EXERCISE GOAL ::
Filter the lines below, copying only those with the string "elements".

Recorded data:
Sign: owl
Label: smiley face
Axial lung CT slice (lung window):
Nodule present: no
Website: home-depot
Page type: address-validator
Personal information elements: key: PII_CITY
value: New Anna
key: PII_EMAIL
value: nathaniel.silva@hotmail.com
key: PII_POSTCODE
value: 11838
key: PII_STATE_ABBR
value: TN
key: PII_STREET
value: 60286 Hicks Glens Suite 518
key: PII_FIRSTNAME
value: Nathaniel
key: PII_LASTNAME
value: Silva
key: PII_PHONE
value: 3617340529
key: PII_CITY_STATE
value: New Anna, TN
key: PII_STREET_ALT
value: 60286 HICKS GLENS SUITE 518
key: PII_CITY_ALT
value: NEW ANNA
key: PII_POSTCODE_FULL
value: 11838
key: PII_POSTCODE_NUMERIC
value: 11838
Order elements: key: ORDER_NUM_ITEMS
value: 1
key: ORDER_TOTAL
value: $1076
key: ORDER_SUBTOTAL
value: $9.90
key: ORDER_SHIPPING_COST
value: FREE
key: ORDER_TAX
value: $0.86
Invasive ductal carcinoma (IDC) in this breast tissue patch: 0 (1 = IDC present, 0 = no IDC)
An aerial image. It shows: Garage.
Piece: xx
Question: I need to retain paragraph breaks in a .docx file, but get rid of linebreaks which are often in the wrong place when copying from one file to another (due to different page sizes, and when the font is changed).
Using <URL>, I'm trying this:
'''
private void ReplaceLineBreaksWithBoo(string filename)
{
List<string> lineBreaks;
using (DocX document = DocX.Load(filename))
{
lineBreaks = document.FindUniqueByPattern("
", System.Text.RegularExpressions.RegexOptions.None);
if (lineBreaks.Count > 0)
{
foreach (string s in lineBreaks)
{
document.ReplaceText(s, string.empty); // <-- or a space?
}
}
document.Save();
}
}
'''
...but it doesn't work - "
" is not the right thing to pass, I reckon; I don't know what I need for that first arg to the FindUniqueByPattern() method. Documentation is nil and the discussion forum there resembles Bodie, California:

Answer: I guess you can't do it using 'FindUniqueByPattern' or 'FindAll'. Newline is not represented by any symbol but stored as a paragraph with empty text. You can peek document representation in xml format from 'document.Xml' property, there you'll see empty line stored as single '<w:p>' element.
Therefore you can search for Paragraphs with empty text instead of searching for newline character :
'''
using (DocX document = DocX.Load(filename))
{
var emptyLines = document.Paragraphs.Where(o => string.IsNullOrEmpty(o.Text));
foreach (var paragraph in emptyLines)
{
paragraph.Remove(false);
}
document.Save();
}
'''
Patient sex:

---

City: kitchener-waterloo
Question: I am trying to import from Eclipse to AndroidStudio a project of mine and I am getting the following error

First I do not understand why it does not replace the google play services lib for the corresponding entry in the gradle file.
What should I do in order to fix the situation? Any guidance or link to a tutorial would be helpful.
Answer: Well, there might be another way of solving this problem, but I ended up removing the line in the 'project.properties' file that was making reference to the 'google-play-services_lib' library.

OUTPUT FOR THIS EXERCISE ::
Personal information elements: key: PII_CITY
Order elements: key: ORDER_NUM_ITEMS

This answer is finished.